### Exercise instructions
Retype each entry exactly. Skip any pictures.

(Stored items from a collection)
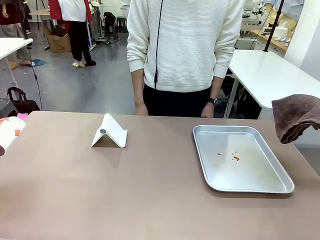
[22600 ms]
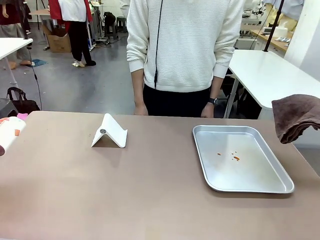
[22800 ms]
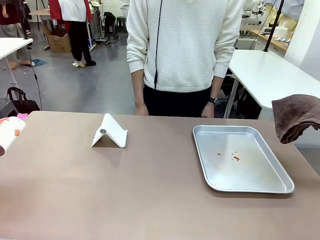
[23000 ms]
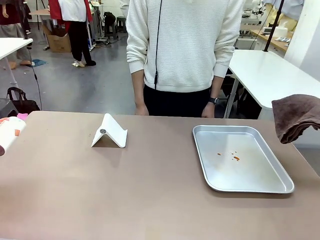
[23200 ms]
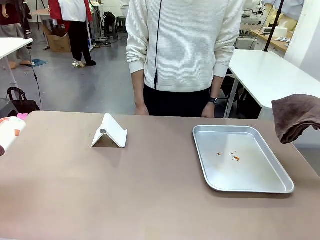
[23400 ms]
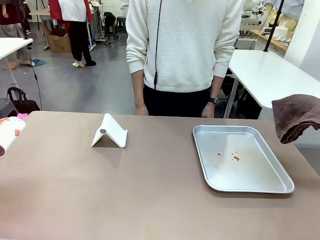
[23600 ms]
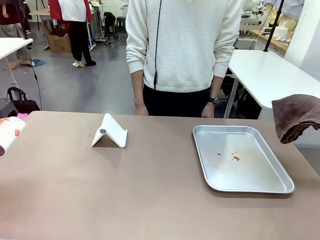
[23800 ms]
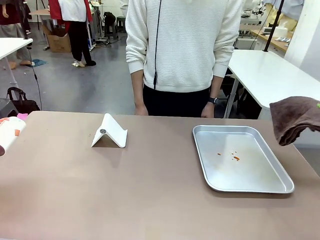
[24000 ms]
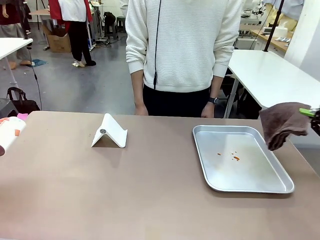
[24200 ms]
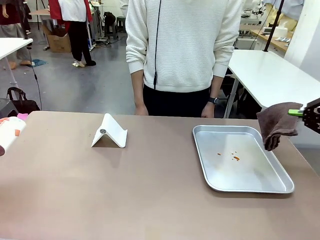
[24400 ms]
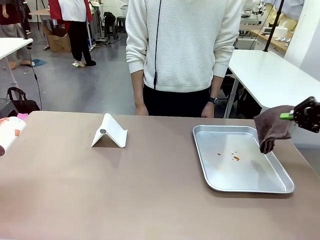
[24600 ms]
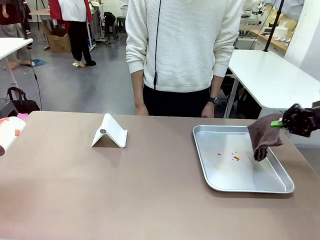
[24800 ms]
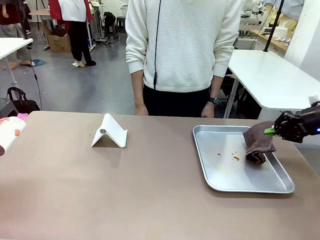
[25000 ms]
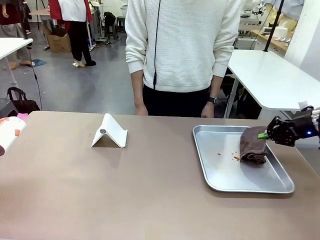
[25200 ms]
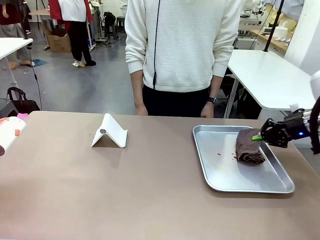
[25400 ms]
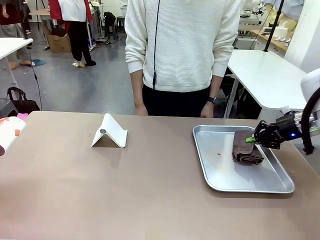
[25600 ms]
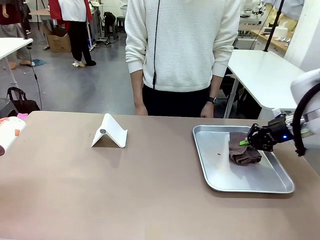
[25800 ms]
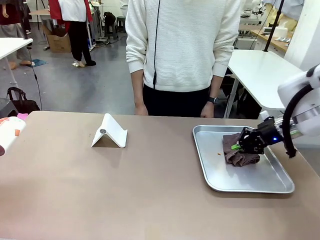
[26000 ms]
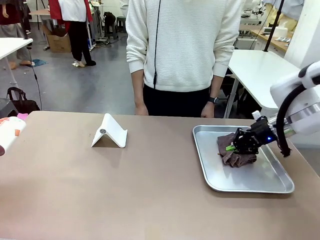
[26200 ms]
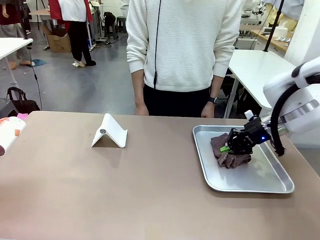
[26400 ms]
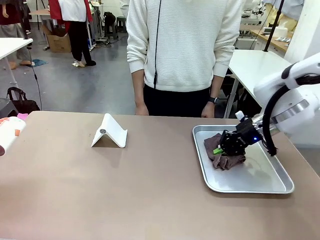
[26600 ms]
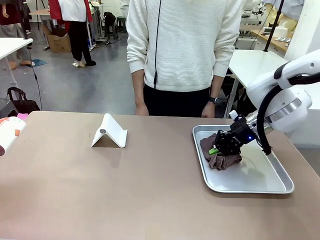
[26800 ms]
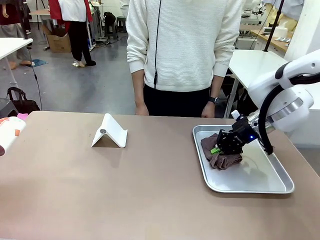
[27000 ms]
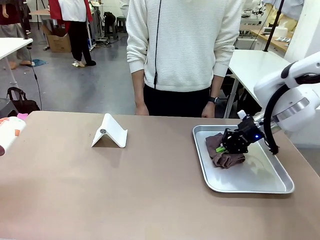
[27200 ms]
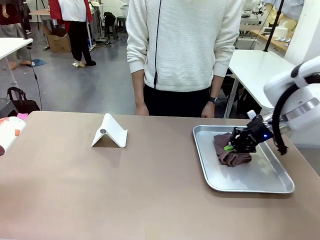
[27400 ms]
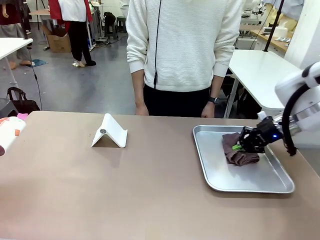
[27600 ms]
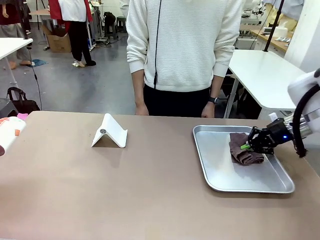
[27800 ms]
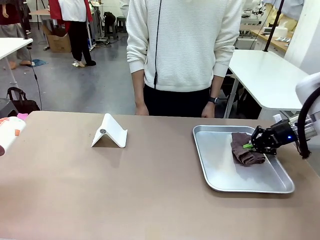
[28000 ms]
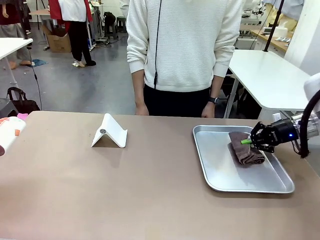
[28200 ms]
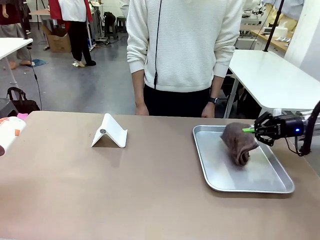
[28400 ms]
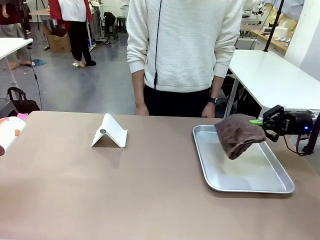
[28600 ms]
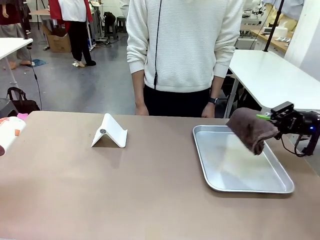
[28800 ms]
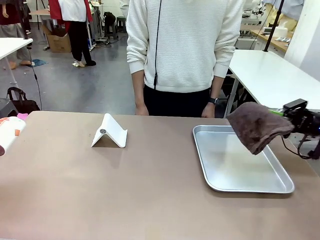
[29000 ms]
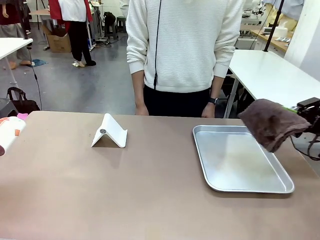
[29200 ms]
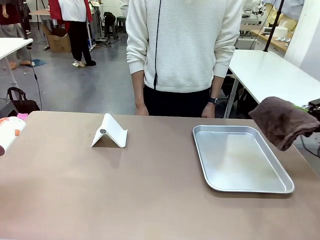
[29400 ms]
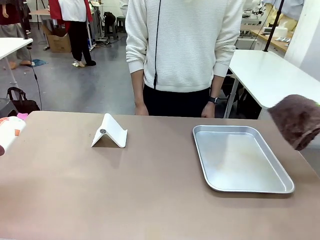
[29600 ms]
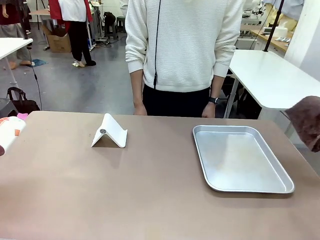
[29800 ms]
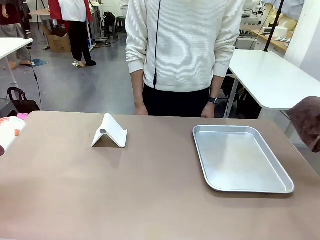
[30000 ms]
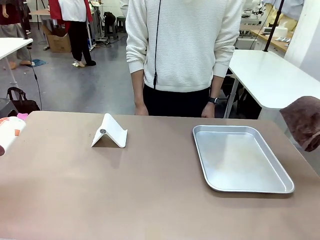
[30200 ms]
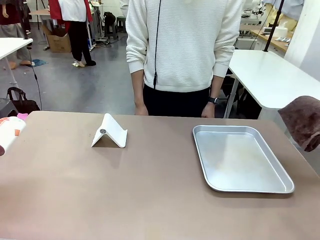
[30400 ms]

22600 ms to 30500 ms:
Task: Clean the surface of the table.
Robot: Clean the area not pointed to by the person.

### Task solution
[22600 ms]
[22800 ms]
[23000 ms]
[23200 ms]
[23400 ms]
[23600 ms]
[23800 ms]
[24000 ms]
[24200 ms]
[24400 ms]
[24600 ms]
[24800 ms]
[25000 ms]
[25200 ms]
[25400 ms]
[25600 ms]
[25800 ms]
[26000 ms]
[26200 ms]
[26400 ms]
[26600 ms]
[26800 ms]
[27000 ms]
[27200 ms]
[27400 ms]
[27600 ms]
[27800 ms]
[28000 ms]
[28200 ms]
[28400 ms]
[28600 ms]
[28800 ms]
[29000 ms]
[29200 ms]
[29400 ms]
[29600 ms]
[29800 ms]
[30000 ms]
[30200 ms]
[30400 ms]

22600 ms to 30500 ms:
Task: Clean the surface of the table.
Robot: Clean the area not pointed to by the person.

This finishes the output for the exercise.